▶ _Dataset entries_
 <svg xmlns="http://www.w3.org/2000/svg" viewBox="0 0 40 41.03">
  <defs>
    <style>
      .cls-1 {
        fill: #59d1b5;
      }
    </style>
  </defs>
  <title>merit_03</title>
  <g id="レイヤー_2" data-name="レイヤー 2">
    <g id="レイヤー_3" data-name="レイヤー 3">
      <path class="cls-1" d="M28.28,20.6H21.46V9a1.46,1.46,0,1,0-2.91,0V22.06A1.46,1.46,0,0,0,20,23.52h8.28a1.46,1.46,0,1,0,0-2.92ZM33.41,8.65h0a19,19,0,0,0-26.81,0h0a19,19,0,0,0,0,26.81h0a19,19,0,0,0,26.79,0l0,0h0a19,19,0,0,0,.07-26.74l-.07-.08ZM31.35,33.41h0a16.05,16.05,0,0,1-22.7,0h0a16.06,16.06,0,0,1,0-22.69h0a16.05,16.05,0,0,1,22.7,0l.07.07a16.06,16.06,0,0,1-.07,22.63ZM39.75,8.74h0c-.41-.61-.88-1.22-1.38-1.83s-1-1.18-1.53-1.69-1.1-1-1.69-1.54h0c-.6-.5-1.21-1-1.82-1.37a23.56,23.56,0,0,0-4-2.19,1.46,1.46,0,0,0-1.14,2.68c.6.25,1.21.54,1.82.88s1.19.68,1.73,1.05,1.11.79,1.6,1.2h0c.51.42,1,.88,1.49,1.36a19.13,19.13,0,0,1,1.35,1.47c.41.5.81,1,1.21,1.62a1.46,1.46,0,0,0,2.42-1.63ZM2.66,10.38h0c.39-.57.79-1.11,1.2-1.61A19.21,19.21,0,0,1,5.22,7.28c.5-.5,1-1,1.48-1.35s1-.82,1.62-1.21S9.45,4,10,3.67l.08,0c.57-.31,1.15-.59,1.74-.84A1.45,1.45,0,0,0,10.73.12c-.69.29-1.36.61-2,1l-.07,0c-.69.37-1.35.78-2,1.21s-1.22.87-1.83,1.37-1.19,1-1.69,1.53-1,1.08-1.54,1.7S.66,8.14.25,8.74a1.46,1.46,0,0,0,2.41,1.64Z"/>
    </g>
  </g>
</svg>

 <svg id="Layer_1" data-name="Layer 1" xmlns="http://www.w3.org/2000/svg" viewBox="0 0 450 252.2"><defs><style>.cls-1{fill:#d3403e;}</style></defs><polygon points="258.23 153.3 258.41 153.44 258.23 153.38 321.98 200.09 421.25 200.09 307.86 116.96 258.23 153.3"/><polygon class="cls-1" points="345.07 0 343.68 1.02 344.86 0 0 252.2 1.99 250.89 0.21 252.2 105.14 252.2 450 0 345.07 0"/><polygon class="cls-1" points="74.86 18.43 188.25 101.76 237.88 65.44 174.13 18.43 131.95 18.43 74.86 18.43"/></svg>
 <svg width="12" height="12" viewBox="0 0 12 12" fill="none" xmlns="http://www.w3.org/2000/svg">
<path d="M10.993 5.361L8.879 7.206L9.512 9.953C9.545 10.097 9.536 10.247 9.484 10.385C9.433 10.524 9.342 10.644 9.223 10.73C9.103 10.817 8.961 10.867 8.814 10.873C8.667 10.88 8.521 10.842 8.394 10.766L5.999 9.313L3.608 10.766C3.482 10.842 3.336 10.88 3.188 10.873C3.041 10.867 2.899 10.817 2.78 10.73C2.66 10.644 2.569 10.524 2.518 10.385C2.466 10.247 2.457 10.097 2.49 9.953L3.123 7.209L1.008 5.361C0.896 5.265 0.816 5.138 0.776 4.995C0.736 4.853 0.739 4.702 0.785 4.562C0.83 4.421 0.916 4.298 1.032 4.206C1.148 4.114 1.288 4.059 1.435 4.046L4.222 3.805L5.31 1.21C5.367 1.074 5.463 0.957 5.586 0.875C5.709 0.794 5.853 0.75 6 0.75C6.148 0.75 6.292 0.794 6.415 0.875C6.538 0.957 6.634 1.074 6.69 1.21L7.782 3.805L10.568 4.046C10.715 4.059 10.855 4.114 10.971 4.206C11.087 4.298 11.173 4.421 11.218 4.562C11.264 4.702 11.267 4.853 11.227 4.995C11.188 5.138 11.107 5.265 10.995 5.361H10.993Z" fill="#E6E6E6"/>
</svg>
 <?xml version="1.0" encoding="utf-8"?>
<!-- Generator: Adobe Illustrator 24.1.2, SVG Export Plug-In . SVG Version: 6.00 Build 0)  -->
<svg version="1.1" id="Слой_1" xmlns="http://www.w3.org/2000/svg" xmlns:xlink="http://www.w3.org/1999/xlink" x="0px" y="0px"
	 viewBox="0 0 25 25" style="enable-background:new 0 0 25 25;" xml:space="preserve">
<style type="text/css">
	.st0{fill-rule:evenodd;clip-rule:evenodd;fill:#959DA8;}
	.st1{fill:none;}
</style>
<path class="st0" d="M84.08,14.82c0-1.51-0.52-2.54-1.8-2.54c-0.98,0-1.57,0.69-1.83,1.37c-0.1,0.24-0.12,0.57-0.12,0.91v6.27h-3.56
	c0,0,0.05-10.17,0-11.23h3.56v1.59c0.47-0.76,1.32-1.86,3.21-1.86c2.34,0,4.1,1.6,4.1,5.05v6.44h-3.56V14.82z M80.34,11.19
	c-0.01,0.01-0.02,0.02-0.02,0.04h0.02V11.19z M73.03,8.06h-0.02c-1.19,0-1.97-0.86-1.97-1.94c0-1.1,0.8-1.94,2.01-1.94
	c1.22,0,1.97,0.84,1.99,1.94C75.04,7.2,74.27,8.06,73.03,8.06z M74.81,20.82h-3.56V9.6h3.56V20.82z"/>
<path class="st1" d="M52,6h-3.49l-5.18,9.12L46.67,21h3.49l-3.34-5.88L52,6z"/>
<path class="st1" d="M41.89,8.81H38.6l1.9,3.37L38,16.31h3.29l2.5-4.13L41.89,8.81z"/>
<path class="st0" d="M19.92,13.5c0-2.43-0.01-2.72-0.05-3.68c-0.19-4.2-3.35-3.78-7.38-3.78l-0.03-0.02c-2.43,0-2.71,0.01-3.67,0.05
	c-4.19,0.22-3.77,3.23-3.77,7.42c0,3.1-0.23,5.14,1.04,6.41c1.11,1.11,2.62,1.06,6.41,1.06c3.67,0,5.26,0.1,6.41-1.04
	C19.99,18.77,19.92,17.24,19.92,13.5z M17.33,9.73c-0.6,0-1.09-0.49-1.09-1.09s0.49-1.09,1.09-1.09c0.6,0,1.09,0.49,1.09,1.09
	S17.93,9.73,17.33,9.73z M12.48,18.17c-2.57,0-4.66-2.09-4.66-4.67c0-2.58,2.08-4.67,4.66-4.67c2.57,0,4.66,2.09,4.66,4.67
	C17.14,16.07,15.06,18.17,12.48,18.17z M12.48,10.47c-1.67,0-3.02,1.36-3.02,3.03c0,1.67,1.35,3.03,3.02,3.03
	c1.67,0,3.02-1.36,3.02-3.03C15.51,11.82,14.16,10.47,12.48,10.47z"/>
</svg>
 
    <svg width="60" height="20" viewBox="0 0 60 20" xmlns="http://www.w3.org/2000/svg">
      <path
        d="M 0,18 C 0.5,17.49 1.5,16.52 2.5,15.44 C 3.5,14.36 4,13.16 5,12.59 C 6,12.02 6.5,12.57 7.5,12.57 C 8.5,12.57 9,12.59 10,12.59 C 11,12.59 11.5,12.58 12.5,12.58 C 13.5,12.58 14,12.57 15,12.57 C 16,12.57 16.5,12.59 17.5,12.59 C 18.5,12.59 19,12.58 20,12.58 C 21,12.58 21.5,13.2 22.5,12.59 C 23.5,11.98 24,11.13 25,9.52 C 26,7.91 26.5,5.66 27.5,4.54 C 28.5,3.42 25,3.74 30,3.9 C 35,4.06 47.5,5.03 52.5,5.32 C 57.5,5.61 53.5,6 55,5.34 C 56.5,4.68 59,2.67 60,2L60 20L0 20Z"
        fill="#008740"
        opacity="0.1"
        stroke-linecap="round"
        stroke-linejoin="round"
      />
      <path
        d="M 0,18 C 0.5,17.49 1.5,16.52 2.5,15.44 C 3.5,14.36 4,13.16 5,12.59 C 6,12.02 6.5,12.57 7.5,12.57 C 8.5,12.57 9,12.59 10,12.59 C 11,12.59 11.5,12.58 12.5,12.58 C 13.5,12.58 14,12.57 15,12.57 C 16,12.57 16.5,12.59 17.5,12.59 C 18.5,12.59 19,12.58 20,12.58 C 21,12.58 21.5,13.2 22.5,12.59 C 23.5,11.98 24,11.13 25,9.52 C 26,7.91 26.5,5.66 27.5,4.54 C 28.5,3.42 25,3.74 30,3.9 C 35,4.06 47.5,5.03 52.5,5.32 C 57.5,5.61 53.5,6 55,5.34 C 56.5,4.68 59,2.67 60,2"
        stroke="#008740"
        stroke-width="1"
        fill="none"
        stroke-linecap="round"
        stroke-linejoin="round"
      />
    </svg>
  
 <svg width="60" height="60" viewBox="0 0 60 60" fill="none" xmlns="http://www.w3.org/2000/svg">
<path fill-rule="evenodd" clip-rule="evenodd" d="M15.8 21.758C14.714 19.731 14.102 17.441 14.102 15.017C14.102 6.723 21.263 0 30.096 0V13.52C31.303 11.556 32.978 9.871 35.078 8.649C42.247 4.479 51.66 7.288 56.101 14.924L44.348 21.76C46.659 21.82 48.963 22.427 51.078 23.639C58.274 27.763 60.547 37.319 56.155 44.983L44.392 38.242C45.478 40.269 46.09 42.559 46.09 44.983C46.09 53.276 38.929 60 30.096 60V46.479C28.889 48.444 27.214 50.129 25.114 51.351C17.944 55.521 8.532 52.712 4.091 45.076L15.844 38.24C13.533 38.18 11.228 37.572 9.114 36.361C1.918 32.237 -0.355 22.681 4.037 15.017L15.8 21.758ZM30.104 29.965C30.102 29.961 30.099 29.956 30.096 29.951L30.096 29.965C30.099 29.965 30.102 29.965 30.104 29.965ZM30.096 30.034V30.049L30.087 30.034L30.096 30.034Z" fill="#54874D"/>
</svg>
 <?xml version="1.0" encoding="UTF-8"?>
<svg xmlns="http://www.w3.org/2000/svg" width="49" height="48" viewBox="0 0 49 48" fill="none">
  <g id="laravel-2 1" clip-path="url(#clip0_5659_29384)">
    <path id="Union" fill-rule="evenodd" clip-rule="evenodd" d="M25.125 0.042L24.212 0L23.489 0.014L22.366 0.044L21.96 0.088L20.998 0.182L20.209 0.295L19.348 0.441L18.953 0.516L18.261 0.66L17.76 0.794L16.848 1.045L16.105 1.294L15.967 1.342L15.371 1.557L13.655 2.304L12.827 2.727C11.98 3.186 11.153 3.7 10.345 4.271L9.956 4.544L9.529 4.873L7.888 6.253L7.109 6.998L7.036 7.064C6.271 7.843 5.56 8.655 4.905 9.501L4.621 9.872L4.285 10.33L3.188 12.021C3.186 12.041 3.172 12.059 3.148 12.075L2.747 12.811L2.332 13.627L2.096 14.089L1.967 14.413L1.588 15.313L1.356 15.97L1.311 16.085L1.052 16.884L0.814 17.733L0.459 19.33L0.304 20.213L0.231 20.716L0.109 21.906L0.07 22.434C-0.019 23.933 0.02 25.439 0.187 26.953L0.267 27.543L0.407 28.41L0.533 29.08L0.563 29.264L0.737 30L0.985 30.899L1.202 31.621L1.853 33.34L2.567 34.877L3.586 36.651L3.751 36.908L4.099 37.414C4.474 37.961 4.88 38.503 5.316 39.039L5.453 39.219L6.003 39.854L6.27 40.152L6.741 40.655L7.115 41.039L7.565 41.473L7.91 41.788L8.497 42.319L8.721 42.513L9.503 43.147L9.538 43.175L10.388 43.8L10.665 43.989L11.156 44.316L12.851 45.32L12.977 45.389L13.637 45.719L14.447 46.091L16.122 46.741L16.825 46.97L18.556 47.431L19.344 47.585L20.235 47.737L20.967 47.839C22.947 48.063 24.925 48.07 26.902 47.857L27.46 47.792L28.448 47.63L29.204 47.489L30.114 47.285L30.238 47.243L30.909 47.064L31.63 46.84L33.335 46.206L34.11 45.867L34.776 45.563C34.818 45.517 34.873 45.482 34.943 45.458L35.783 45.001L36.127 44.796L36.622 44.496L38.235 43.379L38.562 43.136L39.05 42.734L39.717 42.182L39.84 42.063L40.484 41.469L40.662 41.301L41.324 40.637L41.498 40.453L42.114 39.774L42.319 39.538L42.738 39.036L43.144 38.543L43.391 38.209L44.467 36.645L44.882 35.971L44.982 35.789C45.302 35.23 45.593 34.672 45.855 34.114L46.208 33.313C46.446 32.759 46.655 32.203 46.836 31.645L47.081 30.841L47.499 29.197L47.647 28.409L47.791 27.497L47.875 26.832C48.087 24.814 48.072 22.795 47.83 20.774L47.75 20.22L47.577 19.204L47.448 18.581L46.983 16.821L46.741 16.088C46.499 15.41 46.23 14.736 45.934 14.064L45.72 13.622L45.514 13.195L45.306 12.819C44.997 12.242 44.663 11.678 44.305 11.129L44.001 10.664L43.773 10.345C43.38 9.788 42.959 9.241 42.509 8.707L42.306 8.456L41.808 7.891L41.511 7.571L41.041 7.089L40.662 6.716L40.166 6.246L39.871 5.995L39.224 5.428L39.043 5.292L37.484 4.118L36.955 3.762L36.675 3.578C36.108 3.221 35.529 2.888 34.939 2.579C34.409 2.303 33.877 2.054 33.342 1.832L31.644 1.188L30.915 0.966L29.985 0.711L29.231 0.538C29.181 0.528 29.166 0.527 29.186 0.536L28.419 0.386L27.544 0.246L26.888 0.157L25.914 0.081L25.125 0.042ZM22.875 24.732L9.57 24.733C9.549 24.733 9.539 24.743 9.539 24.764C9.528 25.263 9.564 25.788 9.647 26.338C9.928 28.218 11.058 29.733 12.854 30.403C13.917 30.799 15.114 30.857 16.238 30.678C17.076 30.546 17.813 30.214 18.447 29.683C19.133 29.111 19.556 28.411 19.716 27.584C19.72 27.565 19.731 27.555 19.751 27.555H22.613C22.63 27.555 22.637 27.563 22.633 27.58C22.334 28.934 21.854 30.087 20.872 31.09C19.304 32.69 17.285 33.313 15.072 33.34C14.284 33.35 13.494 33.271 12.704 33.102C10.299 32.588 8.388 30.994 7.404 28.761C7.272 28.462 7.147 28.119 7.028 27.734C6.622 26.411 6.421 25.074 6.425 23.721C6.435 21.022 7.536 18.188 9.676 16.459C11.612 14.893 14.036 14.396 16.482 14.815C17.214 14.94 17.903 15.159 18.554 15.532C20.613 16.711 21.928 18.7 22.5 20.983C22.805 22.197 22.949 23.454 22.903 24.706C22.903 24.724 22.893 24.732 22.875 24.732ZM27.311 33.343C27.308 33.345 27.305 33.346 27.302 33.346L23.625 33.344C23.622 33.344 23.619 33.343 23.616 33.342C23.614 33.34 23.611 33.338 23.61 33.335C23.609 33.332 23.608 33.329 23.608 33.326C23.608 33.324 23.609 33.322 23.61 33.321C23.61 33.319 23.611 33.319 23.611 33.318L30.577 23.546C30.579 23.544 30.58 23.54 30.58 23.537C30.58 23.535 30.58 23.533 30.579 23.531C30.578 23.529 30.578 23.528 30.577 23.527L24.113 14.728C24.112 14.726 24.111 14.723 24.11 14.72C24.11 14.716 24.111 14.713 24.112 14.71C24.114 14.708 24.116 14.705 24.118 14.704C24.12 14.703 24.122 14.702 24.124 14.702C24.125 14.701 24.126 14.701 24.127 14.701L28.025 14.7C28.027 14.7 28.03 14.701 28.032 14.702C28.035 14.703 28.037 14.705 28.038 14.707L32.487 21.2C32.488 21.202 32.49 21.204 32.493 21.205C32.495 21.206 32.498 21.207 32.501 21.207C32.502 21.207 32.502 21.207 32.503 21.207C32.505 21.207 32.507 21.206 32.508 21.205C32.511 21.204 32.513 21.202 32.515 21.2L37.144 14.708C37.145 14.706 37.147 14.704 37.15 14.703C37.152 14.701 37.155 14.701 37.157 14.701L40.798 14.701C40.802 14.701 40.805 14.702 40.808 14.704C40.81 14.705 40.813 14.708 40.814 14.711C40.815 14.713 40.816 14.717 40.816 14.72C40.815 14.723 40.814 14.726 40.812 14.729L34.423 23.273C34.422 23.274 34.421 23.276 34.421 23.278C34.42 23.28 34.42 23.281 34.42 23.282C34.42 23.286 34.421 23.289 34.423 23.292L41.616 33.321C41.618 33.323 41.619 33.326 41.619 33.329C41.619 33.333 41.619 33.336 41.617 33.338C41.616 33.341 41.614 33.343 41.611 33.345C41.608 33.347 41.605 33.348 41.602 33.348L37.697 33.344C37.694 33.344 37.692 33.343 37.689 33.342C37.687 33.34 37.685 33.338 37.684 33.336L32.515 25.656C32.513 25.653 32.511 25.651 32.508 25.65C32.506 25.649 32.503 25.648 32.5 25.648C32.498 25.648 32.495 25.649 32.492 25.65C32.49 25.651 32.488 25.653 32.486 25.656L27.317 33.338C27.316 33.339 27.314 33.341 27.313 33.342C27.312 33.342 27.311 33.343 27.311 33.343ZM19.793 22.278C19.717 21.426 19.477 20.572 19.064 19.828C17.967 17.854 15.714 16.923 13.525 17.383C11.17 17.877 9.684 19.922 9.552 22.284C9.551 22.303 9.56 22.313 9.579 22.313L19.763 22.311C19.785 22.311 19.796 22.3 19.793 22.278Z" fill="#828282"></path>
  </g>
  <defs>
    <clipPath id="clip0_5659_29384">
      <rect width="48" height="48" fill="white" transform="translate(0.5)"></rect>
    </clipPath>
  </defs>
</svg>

▶ _Directions for this task_
Could you find every line in the records above that contains the word "none" and copy it?

▶ _Answer area_
 <svg width="12" height="12" viewBox="0 0 12 12" fill="none" xmlns="http://www.w3.org/2000/svg">
	.st1{fill:none;}
        fill="none"
 <svg width="60" height="60" viewBox="0 0 60 60" fill="none" xmlns="http://www.w3.org/2000/svg">
<svg xmlns="http://www.w3.org/2000/svg" width="49" height="48" viewBox="0 0 49 48" fill="none">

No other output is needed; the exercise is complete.